Learning Together, Achieving More
Intent of Design and Technology
At Olton Primary School, children receive a design and technology curriculum that allows them to exercise their creativity through designing and making. The children are taught to combine their designing and making skills with knowledge and understanding in order to design and make a product. Skills are taught progressively to ensure that all children are able to learn and practice in order to develop as they move through the school.
Evaluation is an integral part of the design process and allows children to adapt and improve their product, this is a key skill that they need throughout their life. D&T allows children to apply the knowledge and skills learned in other subjects, particularly Maths, Science and Art.
Children’s interests are captured through theme learning, ensuring that links are made in a cross-curricular way, giving children motivation and meaning for their learning. Children will also learn basic cooking skills, which can be applied to their daily life.
In 2021-22, Olton Primary has embraced a revision to our Design and Technology Curriculum in response to the pandemic and opportunities that some of our children may have missed as a result of lockdowns. We have adopted Kapow D&T scheme because we feel it offers cultural breadth and depth.
Implementation of Design and Technology (knowledge and skills)
Our whole curriculum is shaped by our school vision which aims to enable all children, regardless of background, ability, additional needs, to flourish to become the very best version of themselves they can possibly be.
We teach the National Curriculum, supported by clear skills and knowledge progression. This ensures that skills and knowledge are built on year by year and sequenced appropriately to maximise learning for all children. All teaching of DT should follow the design, make and evaluate cycle. Each stage should be rooted in technical knowledge.
- The design process should be rooted in real-life, relevant contexts to give meaning to learning.
- While making, children should be given choices and a range of tools to choose freely from.
- To evaluate, children should be able to evaluate their own products against design criteria.
Each of these steps should be rooted in technical knowledge and vocabulary.

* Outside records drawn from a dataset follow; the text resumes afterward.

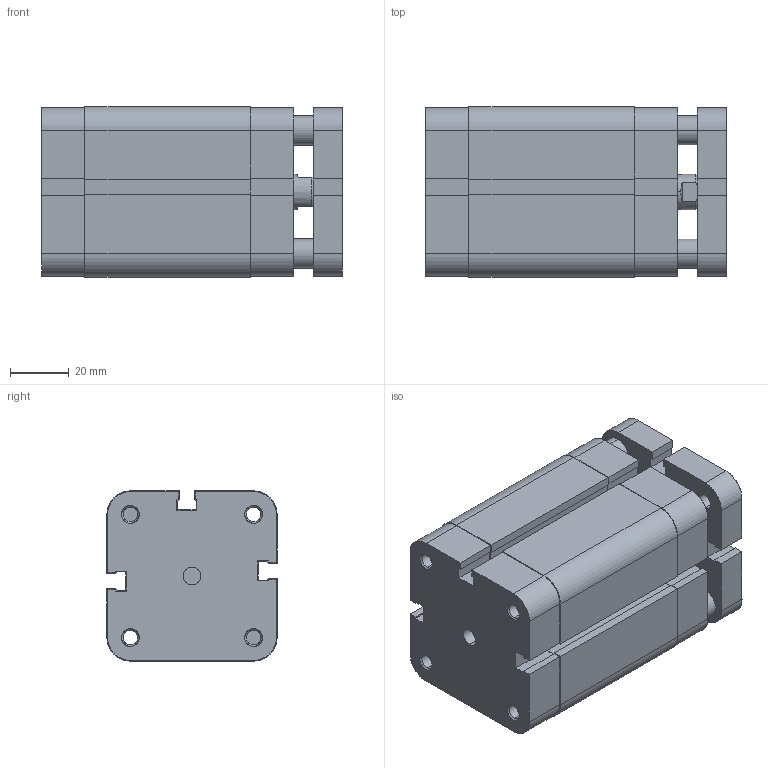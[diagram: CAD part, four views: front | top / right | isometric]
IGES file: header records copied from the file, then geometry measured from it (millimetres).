
Start section: SolidWorks IGES file using analytic representation for surfaces
Global section: file name: PKY  40-40  CYLINDER.IGS; native system: SolidWorks 2010; preprocessor: SolidWorks 2010; author: HASAN; date: 100806.085553; units: millimetre
Bounding box: 102.5 x 58 x 58 mm (x, y, z)
Surface area: 80527.8 mm2 (no closed solid volume)
Topology: 0 solids, 0 shells, 251 faces, 4020 edges, 4018 vertices
Faces by surface type: bspline 137, revolution 114

DT should be taught to a high standard, where each of the stages should be given equal weight.
The key skills we teach the children are:
· sewing and textiles
· cooking and nutrition
· electrical and mechanical components
· using materials
Impact of Design and Technology
We monitor the impact of the design and technology curriculum through various means including: pupil voice, end of unit assessments and learning walks. These are analysed on and a 'School Improvement Plan' for computing produced which contributes to the whole school ongoing continuous improvement cycle and whole school self-evaluation.